3. The Congregation for Catholic Education
40. Introduction. There are approximately 250,000 Catholic educational institutions in the world, with more than 42 million students. (see Office International pour l’Enseignement Catholique, OIEC, 2006). Educational activity takes place on two levels. The first level is “preventative” care through formal scholastic education. The second level focuses on rescue or problem solving that consists in non-formal education, although in close relationship with scholastic education.
41. It is noteworthy that the activities described herein are promoted and encouraged by the Holy See. However, they are accomplished by the local Church, religious congregations, Catholic associations and lay faithful in accordance with their own authority under canon law, and with due regard to the law of the respective States in which they operate.
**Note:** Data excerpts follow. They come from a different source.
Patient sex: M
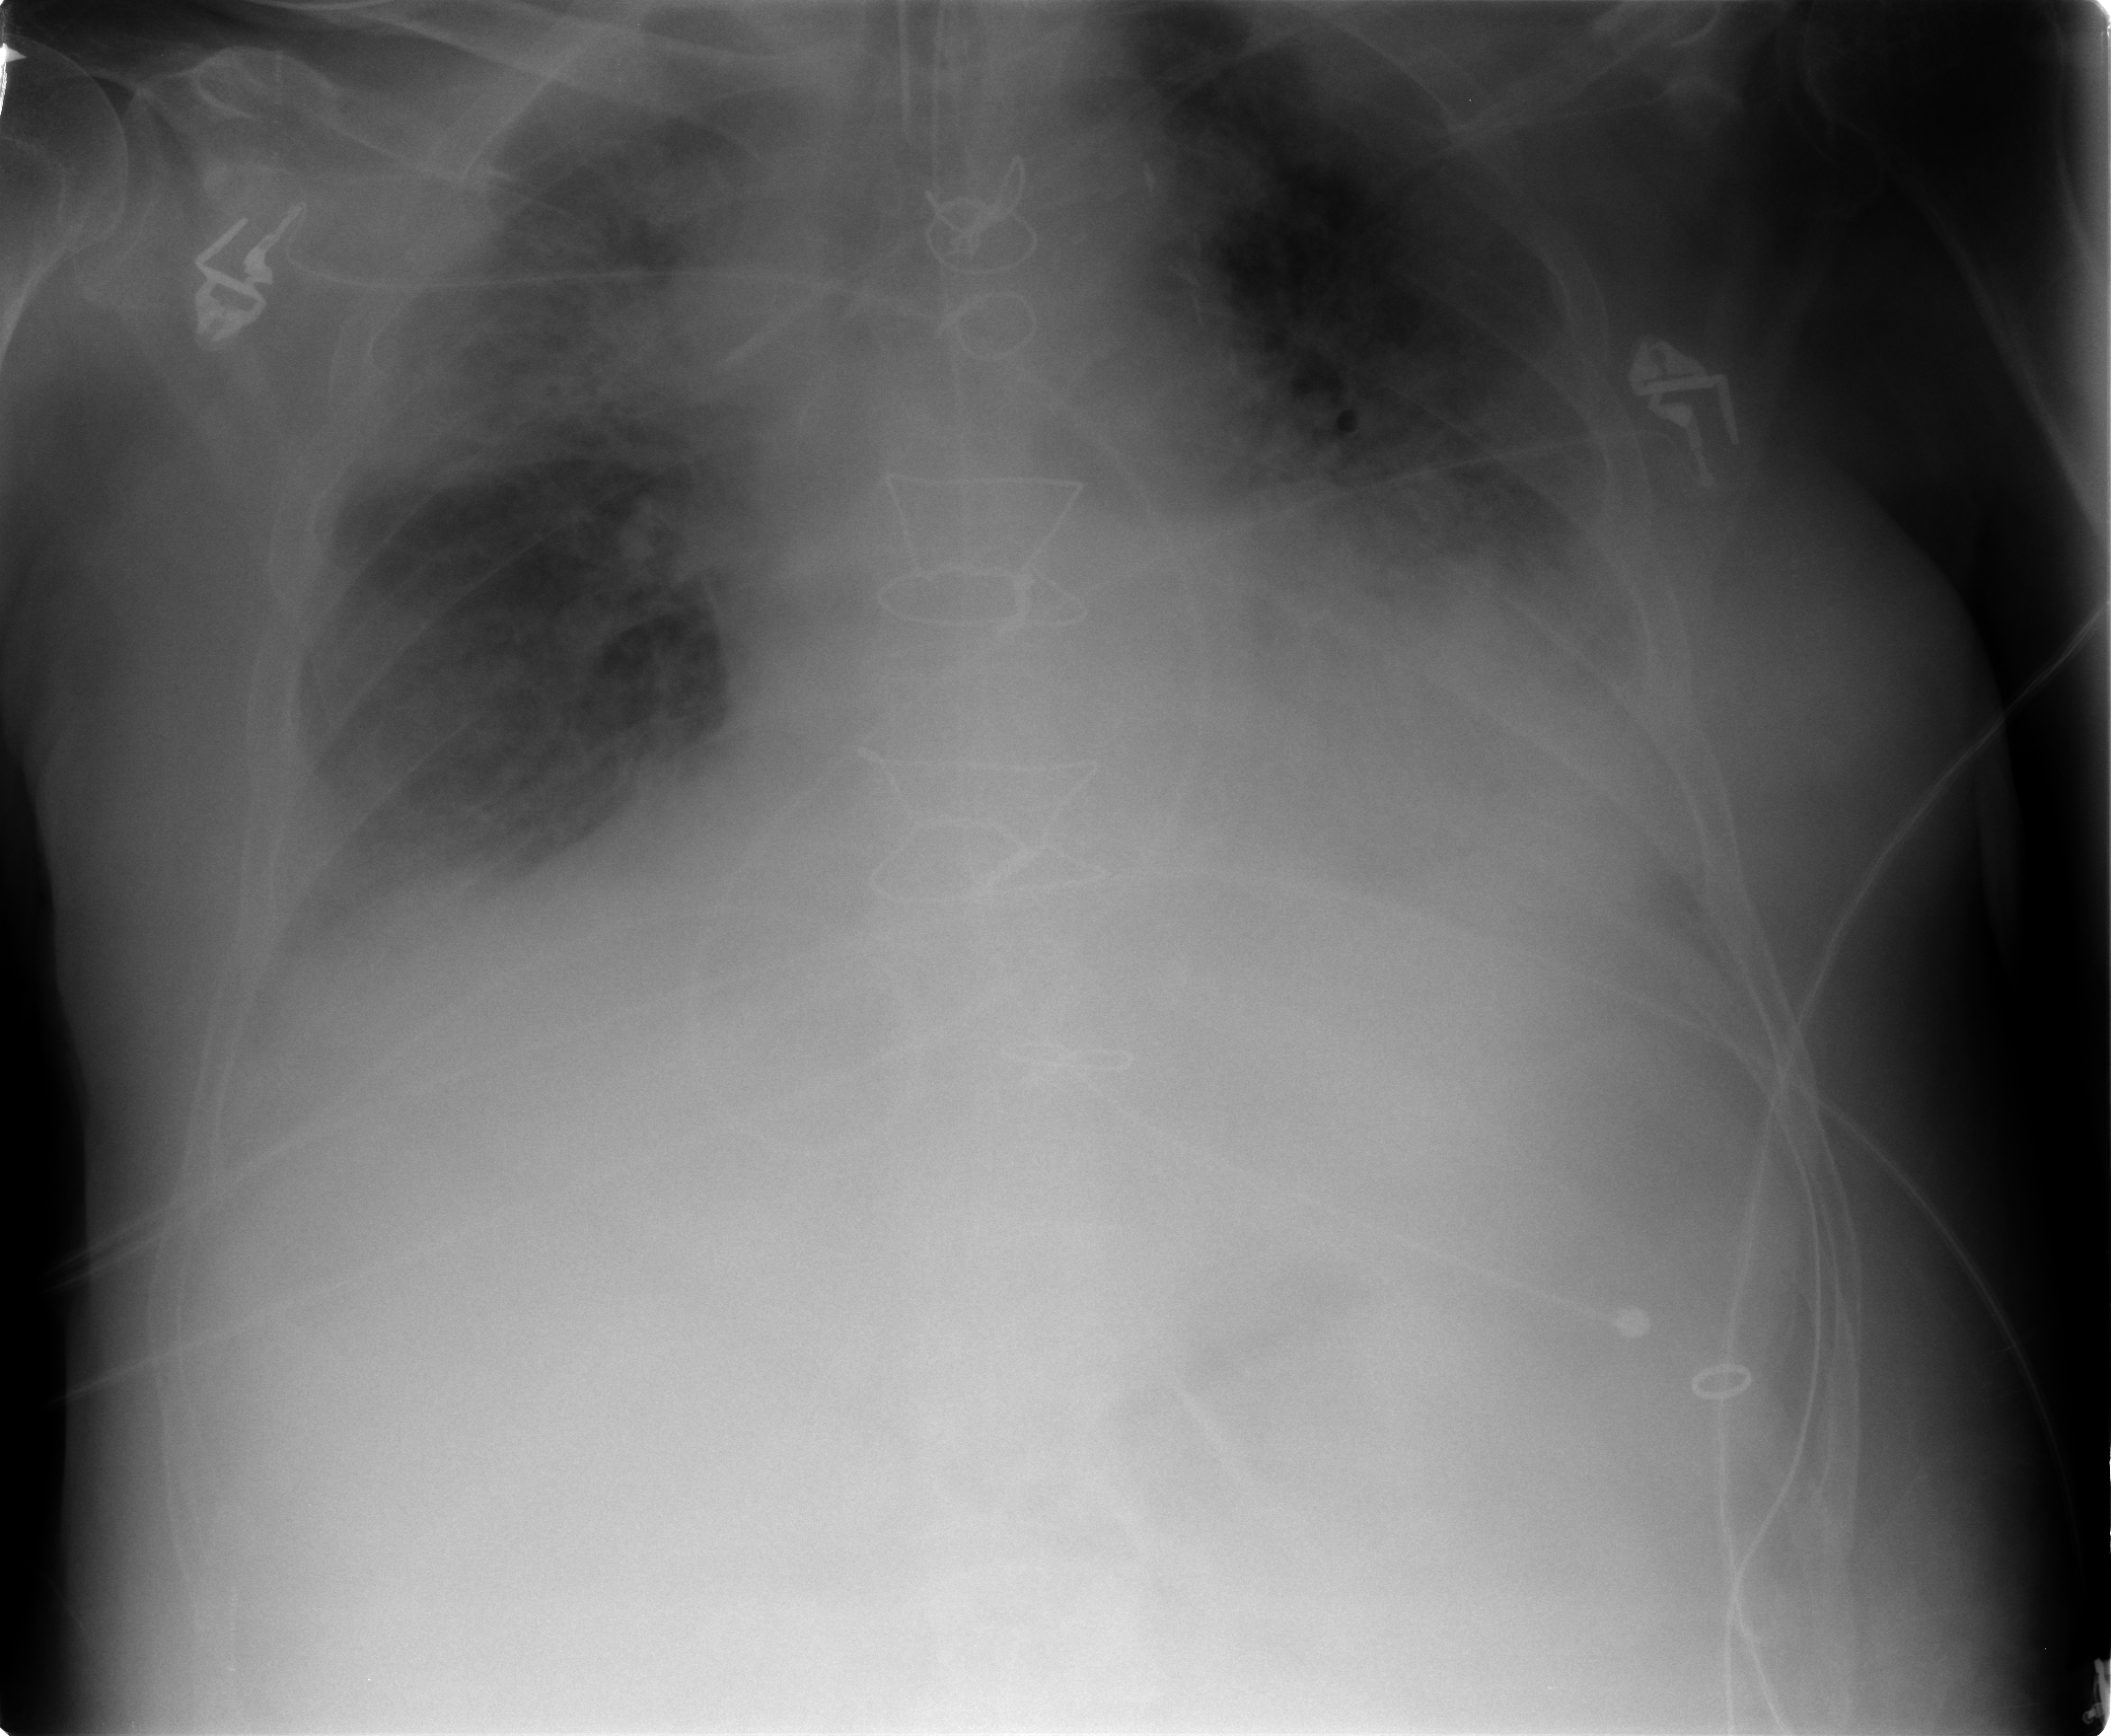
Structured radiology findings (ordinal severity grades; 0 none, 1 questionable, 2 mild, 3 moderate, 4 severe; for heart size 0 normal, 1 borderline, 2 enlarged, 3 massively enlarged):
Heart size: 2
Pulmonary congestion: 3
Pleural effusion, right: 1
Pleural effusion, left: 2
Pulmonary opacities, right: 3
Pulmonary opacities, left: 3
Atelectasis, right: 3
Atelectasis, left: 2

42. Formation. Numerous written materials on children’s rights, especially as related to the OPSC, have been published and distributed to Catholic educators by Catholic specialized institutions and organizations.
(a) VIDES. Many Catholic institutions under the co-ordination of VIDES (International Volunteer Force for Education and Development) initiated a study on the data and results of educational projects in recent years. It published the 2002 “Bambine, adolescenti e giovani a rischio in America Latina, sistematizzazione e processi educativi” (Girls, Adolescents and Youth at Risk in Latin America: Placement and Educational Processes).
(b) France. The handbook for Catholic educators entitled “Lutter contre la pédophilie: repères pour les éducateurs,” (2002) gives guidelines on how to recognize, fight and prevent the phenomenon of paedophilia.
(c) Australia. The Catholic Institute of Education published “Stop it: A Guide to Dealing with Sexual Abuse in Schools”, (2006), and a code of ethics for educators called “Integrity in Ministry”, (2006).
(d) United States of America. The National Catholic Education Association (NCEA) has a series of initiatives for the formation of about 165,000 Catholic educators on the issue of sexual abuse. Such initiatives attempt to combat the problem and assist abused minors who attend Catholic schools.
(e) Austria. Since 2007, teachers in Catholic schools have learned about the importance of human rights and in particular the rights of children. The Institute of Formation for Christian Teachers, in addition to promoting this human rights awareness for teachers, has promoted a similar project for Catholic associations and non-governmental organizations. These projects involve approximately 121,000 teachers and workers in the educational field.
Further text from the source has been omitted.